--- DATA EXTRACT Enclosed Below ---
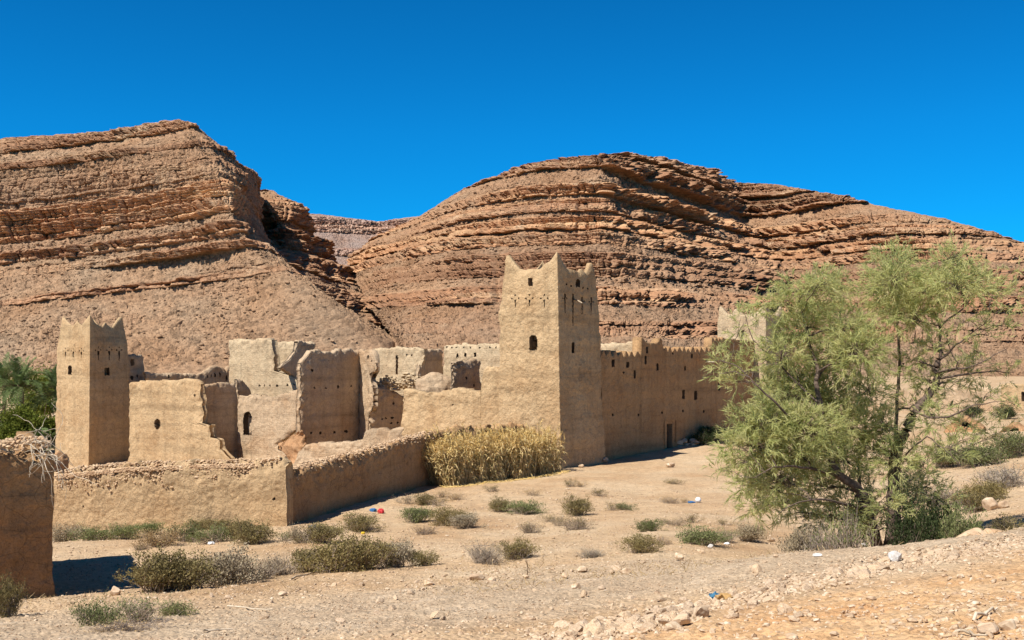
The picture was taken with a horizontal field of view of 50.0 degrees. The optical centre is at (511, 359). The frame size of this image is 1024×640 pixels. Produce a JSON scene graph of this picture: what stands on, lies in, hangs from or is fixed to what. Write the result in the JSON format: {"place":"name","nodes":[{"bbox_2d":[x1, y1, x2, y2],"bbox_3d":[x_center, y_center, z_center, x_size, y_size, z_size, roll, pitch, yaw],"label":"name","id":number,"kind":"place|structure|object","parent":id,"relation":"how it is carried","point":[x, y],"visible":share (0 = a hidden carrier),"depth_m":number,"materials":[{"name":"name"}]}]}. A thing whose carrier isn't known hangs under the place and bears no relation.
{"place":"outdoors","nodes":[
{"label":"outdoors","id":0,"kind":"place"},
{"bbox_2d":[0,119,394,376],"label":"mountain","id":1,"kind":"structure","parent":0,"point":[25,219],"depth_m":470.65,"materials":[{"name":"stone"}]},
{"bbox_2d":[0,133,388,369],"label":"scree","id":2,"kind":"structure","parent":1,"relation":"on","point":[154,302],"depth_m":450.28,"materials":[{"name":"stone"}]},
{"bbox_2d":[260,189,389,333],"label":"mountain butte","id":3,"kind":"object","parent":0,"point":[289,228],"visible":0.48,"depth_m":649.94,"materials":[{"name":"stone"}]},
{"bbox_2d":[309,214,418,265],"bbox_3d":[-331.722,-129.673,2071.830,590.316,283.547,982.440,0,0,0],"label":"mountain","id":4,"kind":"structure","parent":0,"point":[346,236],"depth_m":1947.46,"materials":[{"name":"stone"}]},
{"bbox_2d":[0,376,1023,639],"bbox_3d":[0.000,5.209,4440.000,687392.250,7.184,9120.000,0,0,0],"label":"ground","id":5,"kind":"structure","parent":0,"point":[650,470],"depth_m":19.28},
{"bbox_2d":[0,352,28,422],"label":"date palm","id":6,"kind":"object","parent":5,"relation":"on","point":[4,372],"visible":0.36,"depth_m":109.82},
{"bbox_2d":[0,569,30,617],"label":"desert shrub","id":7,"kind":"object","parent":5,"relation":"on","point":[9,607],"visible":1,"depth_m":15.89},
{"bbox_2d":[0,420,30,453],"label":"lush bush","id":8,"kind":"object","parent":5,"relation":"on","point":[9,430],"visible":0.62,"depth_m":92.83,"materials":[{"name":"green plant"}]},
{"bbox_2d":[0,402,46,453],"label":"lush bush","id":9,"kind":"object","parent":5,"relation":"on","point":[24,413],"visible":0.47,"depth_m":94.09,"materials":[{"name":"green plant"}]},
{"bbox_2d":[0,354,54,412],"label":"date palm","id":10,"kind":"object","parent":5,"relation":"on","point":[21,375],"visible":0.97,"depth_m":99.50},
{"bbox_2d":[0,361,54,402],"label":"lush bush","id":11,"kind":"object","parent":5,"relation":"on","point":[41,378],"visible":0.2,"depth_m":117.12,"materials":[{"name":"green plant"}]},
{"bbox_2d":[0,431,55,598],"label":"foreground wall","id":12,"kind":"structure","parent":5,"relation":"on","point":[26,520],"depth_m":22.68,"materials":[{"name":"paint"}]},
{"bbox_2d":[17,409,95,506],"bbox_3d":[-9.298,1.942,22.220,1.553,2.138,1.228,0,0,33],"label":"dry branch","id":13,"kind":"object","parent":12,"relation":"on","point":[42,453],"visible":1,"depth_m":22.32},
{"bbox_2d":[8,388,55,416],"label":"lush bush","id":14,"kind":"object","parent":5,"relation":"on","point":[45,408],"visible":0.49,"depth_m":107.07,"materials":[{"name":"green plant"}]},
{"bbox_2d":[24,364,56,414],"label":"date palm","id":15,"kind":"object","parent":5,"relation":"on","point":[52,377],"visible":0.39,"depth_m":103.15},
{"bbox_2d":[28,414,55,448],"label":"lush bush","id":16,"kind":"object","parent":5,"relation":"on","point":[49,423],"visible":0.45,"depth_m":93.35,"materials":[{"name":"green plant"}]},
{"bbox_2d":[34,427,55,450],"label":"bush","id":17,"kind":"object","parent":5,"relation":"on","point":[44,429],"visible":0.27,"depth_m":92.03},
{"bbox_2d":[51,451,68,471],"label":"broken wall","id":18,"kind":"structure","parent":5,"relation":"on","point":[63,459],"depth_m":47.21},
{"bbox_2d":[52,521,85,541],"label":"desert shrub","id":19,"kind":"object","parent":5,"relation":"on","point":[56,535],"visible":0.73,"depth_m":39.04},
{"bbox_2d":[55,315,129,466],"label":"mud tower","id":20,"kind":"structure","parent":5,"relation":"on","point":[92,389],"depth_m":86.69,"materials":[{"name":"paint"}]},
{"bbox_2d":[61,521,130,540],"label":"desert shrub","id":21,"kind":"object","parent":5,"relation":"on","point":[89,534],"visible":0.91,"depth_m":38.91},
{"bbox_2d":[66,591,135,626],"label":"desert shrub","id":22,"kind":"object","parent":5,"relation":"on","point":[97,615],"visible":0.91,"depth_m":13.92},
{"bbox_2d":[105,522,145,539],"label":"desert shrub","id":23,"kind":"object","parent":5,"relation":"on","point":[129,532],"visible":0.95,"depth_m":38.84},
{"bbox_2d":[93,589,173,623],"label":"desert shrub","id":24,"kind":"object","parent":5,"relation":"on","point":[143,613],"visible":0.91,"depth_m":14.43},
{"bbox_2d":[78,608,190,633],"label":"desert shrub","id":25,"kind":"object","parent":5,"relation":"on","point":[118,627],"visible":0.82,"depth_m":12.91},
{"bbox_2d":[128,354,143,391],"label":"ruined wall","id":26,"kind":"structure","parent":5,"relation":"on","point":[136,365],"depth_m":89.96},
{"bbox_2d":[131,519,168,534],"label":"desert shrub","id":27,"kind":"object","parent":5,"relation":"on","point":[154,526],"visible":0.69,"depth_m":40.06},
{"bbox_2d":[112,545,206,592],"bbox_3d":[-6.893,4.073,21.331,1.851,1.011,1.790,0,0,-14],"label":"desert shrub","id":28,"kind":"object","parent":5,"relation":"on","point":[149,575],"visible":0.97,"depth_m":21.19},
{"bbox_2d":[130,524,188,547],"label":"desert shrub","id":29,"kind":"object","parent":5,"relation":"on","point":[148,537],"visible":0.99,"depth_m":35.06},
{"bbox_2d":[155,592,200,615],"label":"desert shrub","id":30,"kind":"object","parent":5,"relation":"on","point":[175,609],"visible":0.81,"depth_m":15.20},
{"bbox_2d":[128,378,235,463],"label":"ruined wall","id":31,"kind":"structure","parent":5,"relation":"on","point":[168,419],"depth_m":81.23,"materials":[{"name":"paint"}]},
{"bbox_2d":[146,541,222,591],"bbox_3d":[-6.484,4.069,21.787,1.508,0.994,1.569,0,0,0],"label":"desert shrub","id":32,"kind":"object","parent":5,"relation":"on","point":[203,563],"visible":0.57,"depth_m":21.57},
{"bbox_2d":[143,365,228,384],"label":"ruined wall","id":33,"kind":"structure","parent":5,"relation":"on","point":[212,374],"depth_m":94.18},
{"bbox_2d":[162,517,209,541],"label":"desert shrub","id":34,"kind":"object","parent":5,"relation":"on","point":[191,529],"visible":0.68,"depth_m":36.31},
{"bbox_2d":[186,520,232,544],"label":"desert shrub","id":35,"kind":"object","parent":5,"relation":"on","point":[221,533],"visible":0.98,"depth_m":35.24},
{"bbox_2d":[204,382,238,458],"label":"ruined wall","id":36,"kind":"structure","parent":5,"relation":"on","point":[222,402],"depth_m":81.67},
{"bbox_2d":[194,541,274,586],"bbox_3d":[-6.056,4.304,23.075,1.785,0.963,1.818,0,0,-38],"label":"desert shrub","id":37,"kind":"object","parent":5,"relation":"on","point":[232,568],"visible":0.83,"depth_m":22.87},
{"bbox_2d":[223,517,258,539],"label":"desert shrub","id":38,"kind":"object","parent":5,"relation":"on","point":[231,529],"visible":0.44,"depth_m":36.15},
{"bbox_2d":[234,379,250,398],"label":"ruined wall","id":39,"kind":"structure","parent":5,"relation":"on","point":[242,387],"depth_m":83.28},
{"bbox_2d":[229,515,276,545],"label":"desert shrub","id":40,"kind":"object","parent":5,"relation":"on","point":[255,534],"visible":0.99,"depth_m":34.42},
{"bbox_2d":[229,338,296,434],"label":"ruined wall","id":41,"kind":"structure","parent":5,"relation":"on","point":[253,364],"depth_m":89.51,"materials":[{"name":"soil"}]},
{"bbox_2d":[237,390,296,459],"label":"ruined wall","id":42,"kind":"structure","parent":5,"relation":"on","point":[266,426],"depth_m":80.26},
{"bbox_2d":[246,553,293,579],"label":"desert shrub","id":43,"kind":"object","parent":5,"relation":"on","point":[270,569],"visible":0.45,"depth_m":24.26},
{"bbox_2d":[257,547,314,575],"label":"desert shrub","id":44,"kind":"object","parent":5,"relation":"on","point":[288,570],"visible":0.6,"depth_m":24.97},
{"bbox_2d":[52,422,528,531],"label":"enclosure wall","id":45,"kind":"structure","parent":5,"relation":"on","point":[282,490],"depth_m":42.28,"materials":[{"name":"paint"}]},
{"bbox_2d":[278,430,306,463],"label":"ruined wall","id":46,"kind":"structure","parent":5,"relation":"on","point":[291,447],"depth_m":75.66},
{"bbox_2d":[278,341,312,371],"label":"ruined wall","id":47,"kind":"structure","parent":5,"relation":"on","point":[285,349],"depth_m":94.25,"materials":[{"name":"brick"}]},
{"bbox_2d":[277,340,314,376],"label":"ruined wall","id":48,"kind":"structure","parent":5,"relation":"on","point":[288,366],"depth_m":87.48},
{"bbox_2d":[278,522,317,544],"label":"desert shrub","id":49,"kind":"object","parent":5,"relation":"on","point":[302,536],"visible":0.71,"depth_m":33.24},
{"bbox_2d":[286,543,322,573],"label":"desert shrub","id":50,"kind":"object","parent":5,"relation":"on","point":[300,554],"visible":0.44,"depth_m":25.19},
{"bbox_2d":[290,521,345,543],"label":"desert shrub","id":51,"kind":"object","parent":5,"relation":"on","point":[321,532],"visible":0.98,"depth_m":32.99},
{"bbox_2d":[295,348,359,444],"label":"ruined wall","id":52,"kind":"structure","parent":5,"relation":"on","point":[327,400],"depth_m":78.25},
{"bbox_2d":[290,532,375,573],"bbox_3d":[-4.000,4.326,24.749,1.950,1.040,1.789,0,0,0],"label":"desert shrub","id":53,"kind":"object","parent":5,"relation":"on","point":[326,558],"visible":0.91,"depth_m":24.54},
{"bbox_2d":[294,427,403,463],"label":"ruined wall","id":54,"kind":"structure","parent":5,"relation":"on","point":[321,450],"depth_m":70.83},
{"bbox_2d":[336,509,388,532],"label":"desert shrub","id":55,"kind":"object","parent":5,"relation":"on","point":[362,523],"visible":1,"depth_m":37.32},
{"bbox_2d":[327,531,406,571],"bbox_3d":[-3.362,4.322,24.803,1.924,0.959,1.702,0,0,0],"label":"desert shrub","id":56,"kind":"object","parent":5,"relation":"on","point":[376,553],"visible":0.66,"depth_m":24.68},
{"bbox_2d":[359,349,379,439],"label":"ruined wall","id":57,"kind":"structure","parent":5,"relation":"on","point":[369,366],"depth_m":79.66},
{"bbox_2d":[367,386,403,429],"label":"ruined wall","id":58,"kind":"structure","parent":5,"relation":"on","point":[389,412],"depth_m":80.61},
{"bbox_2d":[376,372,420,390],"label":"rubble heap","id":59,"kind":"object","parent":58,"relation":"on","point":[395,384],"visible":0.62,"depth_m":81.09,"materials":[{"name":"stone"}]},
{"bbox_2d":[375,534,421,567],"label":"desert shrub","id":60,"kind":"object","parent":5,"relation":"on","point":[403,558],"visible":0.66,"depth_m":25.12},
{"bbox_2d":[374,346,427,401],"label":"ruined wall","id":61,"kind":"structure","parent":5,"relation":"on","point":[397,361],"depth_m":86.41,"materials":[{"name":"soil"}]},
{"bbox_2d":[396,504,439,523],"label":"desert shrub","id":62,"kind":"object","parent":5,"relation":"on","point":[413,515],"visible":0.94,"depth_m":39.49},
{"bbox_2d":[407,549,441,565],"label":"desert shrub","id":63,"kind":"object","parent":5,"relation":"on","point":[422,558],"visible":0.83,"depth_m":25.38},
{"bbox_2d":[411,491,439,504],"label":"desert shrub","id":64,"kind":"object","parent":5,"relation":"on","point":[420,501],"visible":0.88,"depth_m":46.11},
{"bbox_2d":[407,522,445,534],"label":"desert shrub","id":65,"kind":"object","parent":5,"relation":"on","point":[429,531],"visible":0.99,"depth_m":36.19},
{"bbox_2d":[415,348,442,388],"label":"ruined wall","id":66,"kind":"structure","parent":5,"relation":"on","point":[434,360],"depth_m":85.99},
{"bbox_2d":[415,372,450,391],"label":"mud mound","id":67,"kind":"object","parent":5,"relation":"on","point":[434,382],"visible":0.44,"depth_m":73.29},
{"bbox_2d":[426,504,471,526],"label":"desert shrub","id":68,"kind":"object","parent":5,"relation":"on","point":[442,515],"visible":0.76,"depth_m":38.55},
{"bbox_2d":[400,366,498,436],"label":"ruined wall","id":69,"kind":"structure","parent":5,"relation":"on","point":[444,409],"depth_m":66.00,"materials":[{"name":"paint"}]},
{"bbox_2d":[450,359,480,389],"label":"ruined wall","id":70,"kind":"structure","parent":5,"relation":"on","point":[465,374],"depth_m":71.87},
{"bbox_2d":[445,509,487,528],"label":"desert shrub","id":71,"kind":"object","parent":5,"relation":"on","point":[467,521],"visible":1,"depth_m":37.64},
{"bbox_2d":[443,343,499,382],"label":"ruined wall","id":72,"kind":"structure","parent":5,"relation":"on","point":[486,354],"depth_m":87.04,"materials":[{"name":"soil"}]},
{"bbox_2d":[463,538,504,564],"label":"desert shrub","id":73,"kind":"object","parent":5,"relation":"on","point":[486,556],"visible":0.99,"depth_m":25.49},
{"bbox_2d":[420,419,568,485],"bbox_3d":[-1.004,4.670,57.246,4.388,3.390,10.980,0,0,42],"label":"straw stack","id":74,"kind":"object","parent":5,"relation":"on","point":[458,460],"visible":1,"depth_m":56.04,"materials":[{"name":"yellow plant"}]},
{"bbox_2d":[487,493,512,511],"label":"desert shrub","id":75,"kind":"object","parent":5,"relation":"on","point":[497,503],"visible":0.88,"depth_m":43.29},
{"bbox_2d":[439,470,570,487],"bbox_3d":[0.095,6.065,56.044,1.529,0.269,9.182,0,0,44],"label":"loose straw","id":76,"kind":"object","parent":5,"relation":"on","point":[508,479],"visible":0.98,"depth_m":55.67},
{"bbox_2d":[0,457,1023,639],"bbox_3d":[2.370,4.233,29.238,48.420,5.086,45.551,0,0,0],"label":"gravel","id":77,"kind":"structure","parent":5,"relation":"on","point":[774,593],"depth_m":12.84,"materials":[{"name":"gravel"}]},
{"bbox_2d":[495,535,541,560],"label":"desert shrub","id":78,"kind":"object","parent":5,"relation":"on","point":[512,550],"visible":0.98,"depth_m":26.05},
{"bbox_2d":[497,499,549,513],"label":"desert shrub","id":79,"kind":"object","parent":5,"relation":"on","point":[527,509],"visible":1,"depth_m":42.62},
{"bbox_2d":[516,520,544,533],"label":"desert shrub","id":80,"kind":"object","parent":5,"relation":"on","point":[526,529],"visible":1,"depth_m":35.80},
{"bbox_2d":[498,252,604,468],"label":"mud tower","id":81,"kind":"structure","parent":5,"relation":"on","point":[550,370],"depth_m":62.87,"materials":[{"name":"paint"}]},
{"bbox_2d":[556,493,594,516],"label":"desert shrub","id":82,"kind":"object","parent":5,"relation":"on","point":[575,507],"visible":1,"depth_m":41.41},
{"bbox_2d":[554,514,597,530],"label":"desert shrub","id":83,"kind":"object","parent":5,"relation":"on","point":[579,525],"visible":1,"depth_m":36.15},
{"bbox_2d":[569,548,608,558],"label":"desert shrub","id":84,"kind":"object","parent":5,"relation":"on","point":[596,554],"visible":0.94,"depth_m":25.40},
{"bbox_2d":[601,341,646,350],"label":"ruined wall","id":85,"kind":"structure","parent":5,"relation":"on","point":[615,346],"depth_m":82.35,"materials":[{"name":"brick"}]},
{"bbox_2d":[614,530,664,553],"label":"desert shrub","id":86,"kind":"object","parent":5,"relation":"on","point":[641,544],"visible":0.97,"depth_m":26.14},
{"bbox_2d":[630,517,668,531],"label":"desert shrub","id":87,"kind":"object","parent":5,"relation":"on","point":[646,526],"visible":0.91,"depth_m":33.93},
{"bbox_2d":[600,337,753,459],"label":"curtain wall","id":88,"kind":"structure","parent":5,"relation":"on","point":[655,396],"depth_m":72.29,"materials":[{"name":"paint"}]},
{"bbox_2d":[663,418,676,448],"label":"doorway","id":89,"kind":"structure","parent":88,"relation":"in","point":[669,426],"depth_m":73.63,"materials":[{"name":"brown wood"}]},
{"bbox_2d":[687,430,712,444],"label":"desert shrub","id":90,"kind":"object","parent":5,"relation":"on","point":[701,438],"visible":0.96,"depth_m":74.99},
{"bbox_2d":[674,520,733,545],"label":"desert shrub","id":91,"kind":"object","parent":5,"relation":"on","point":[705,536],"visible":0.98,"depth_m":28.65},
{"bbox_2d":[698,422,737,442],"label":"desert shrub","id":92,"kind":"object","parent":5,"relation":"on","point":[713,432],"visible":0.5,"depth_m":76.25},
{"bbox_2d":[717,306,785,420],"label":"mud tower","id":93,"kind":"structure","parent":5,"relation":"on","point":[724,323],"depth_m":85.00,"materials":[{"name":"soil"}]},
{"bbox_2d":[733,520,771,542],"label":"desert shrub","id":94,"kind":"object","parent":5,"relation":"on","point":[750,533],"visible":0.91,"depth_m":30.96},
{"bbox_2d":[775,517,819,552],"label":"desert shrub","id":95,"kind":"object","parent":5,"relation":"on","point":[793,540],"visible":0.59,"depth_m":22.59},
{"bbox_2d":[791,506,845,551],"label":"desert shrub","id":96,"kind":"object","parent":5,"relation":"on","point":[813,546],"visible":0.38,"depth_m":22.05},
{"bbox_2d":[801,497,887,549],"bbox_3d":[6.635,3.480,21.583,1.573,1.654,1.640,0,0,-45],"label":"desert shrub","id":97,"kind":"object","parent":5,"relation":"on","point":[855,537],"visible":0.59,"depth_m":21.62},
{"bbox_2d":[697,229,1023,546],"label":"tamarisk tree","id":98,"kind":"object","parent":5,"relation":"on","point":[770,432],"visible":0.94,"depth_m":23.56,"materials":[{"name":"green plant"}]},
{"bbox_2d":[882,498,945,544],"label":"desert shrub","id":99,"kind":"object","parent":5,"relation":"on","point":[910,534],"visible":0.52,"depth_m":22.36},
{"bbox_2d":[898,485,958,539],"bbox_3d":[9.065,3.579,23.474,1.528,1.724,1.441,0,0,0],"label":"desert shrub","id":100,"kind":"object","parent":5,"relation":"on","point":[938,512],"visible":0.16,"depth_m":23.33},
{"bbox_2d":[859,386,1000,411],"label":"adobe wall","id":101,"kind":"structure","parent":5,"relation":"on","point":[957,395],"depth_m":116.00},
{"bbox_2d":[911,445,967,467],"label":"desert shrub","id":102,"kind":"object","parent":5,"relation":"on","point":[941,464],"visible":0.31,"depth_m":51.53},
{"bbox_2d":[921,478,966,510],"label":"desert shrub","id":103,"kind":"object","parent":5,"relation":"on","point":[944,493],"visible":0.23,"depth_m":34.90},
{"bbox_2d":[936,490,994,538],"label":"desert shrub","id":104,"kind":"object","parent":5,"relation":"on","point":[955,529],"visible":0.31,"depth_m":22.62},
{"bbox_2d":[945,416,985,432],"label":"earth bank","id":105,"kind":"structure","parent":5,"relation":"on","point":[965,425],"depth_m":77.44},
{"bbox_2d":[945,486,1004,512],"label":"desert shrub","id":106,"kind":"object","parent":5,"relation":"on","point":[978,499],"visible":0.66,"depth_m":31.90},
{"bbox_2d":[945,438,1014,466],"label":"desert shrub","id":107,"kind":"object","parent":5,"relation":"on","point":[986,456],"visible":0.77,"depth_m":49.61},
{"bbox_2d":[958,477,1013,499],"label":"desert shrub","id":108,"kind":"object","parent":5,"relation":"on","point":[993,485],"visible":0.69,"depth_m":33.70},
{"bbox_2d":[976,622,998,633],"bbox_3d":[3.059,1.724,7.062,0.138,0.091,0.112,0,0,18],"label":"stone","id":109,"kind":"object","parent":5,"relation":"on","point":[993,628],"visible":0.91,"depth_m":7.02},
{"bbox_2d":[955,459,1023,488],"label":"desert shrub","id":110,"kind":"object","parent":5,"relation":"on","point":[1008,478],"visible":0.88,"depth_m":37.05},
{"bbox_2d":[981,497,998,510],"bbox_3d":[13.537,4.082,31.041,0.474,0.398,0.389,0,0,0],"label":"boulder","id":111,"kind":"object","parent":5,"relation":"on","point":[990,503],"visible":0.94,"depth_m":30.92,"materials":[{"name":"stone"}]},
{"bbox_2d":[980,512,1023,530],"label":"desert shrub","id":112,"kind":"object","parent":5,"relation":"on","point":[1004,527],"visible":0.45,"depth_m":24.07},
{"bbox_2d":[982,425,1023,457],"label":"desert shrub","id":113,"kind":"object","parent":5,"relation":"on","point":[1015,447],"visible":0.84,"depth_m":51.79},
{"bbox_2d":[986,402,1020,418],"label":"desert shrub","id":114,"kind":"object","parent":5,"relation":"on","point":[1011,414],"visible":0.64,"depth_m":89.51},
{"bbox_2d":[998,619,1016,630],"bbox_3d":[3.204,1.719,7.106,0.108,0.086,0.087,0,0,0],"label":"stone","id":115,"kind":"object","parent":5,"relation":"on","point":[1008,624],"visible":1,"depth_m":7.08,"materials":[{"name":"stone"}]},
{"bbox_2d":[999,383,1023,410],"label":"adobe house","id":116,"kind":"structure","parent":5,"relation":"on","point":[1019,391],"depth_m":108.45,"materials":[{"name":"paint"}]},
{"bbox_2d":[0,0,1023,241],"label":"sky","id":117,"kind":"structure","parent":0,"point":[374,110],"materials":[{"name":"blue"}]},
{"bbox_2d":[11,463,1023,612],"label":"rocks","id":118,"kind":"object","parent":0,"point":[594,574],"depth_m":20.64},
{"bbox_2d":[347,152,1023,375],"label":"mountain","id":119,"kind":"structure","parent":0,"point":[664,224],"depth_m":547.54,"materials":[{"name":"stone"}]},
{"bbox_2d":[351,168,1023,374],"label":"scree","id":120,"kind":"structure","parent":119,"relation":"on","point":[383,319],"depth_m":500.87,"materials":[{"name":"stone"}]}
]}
--- End of Enclosed DATA EXTRACT ---
— WHAT TO PRODUCE —
Look over the entries above and tally the lines containing the string "place"; the answer is that total only.

— RESPONSE TO THE EXERCISE —
3